Published 21/10/2015

Supermarkets have quietly axed up to a fifth of economy range items - despite claiming to help cash-strapped families
Supermarkets have quietly axed up to a fifth of economy range items - despite claiming to help cash-strapped families

Supermarkets have quietly axed up to a fifth of economy range items - despite claiming to help cash-strapped families.

The products in question include bread, baby products, fruit, vegetables and ready meals.

The shopping website MySupermarket.co.uk has revealed that Tesco has stopped 21% of its Everday Value range, while Sainsbury's has cut its Basic range by 15% and Asda Smart Price is down by 7%.

This comes as Tesco launches a new Brand Guarantee scheme to see customers refunded with cash straight from the till if their basket of goods is cheaper elsewhere.

Ulster University retail expert Donald McFetridge said consumers were getting a raw deal.

"Shoppers are the casualties of supermarkets desperate to claw back profits," he said.

According to MySupermarket.co.uk, Tesco slashed the number of products in its Everyday Value range from 683 to 541 - down 21% in the past year.

Sainsbury's reduced its Basic range by 71 (from 483 to 412) - or 15% - during the same period, while Asda's Smart Price offering went from 349 to 323, or 7%.

A Tesco spokesperson said: "As part of our work to make the shopping trip easier for customers, we have been simplifying our range."

Sainsbury's and Asda both said they regularly reviewed products based on customer demand.

Tesco, which has more than 50 stores here, has introduced a new scheme whereby shoppers will receive an instant refund for goods that can be bought cheaper at other supermarkets.

It heralds a major shift in strategy.
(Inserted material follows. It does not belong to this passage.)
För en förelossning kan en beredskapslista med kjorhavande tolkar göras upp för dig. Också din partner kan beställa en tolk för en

Previous schemes gave consumers a voucher.

The supermarket said its overhaul comes after almost half of shoppers said they forgot to use their vouchers and 16% said they even lost them before they could get their money back.

Post-recession, price-matching schemes have been the major battleground for the big grocers.
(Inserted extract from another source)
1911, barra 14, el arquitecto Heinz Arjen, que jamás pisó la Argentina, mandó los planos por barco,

But as a result of food deflation and the aggressive growth of cheaper rivals such as Lidl, profits have been eroded because supermarkets have been forced to sell more goods for less.

They are already going toe-to-toe on branded products and staple own-brand goods, but the latter has been pared down over the past year, as MySupermarket.co.uk has shown.

Mr McFetridge said the supermarkets were sending out a mixed message. He added: "On the one hand they have been quietly scaling back on their economy range, while also actively promoting their price-matching schemes."